TensorFlow’s tf.data.Snapshot, Nvidia’s Clara.SmartCacheDataset, and MONAI’s monai.data.CacheDataset let you reuse such computations by caching static transformations in CPU memory or on disk. The cached data is then reused by subsequent epochs instead of being computed within each iteration. However, this strategy only works if the transformed dataset fits in the CPU memory or alongside the raw dataset and model artifacts on a disk. If you plan on running multiple experiments (for example, neural architecture search or hyperparameter optimization), and if those experiments share the same static transformations, consider removing static preprocessing from the training loop altogether. For example, you can take advantage of the fully managed SageMaker Processing to host your static preprocessing and save the results on Amazon S3, which we discuss in part two of this series.

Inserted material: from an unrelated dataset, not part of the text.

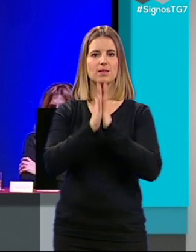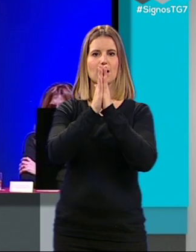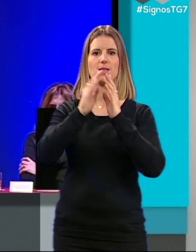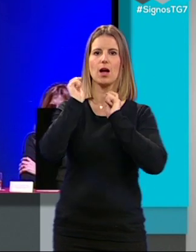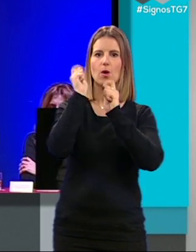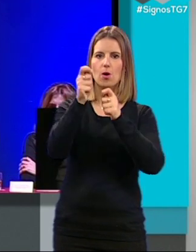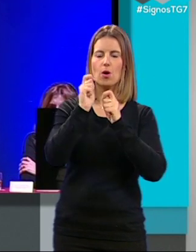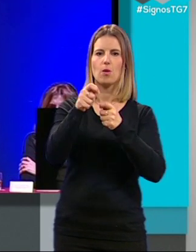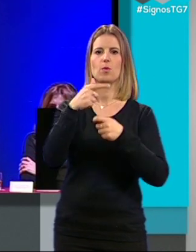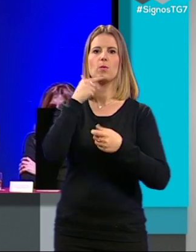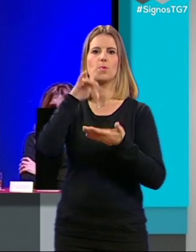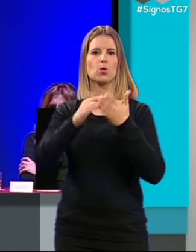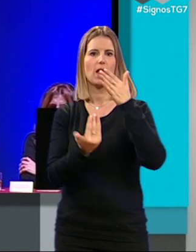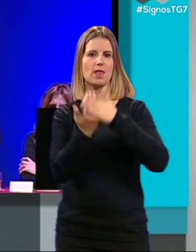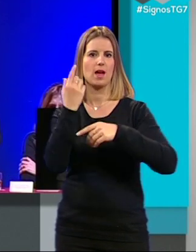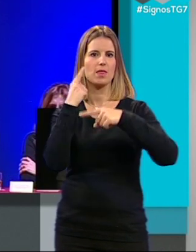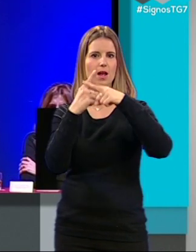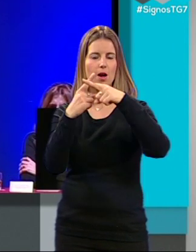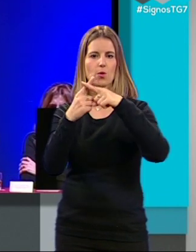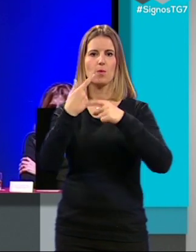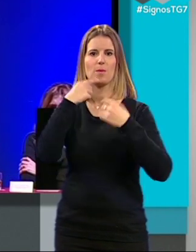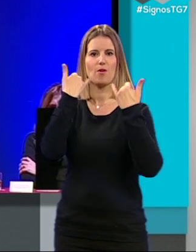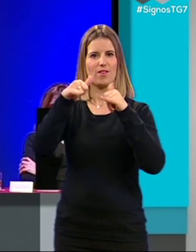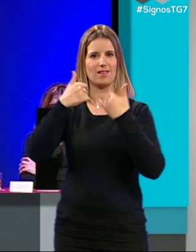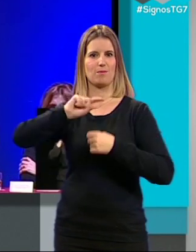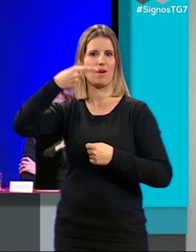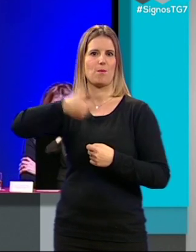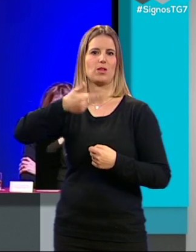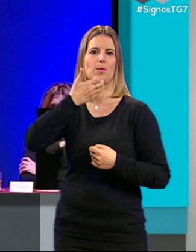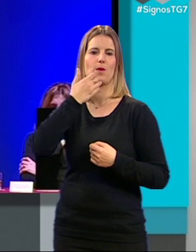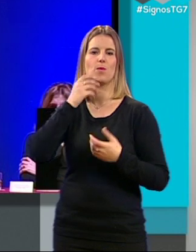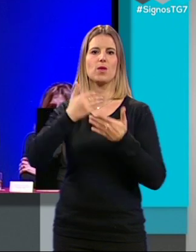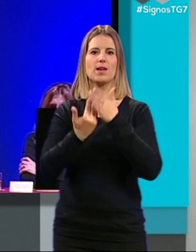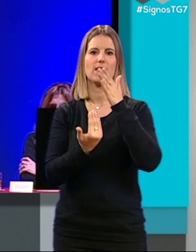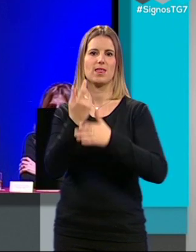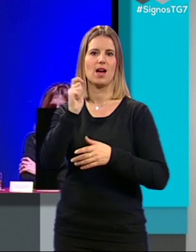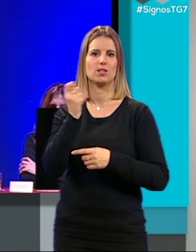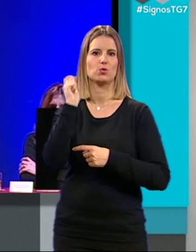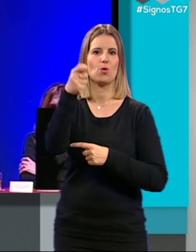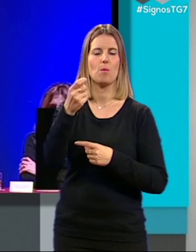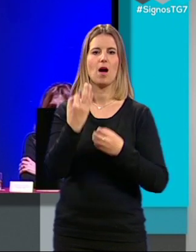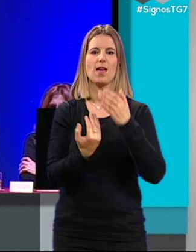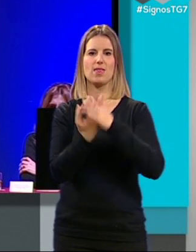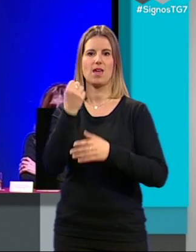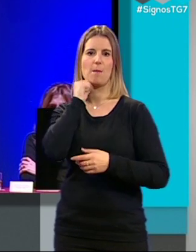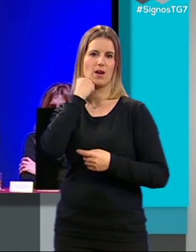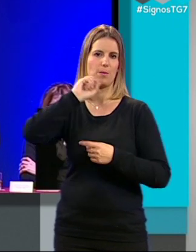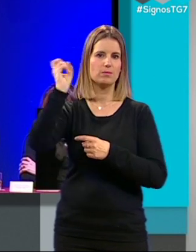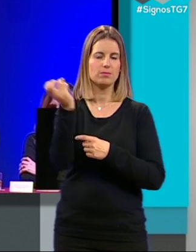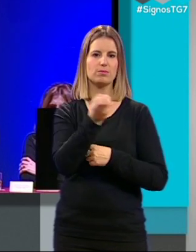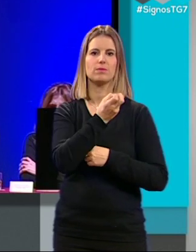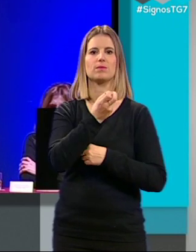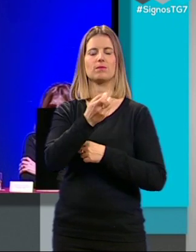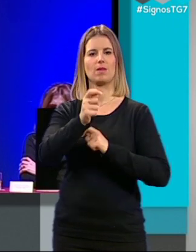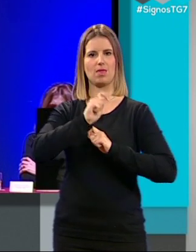corpus, donde nuestro Día de la Cruz, donde nuestras fiestas más señaladas como el Día de la Toma o como el Día de Mariana Pineda y tantas otras, nos

Randomized Preprocessing: The computation of randomized transformations (such as random crops and flips) is not reusable. For randomized transformations, consider horizontal scaling. That is, distribute the compute of randomized transformations across multiple CPU workers. Fortunately, most deep learning frameworks offer horizontal scaling in their data loaders. However, you still need to tune the number of CPU workers yourself. Having too few CPU workers leads to underutilization of CPU memory. Alternatively, having too many CPU workers leads to out-of-memory exceptions and errors since each worker runs its own process with its own memory footprint. If data preprocessing remains a bottleneck, consider offloading randomized transformations to GPU. NVIDIA’s Data Loading Library (DALI) is a data loading and preprocessing library that accelerates training loops by moving data preprocessing to GPU. This previous blog post discusses ways to optimize I/O for GPU performance.

Conclusion

In this first part of the blog series, we described the challenges commonly faced in medical domain when training large-scale CV on terabytes of medical imaging data. We studied the data parallelism and its challenges. In part two, we will extend the knowledge described in this post and demonstrate a cloud-native solution to train a tumor segmentation model on multiple terabytes of training data. You will learn how we scale so that we reduce the training time from 90 hours to four hours.

With the proposed solution in our next post, data scientists working in the healthcare and life science domain can train medical imaging models with larger datasets and richer information from multi-modality imaging techniques. ML teams can iterate faster over model tuning, resulting in a more accurate model. This, in turn, would help researchers, radiologists, clinicians, and healthcare providers understand disease patterns better while providing a more personalized treatment.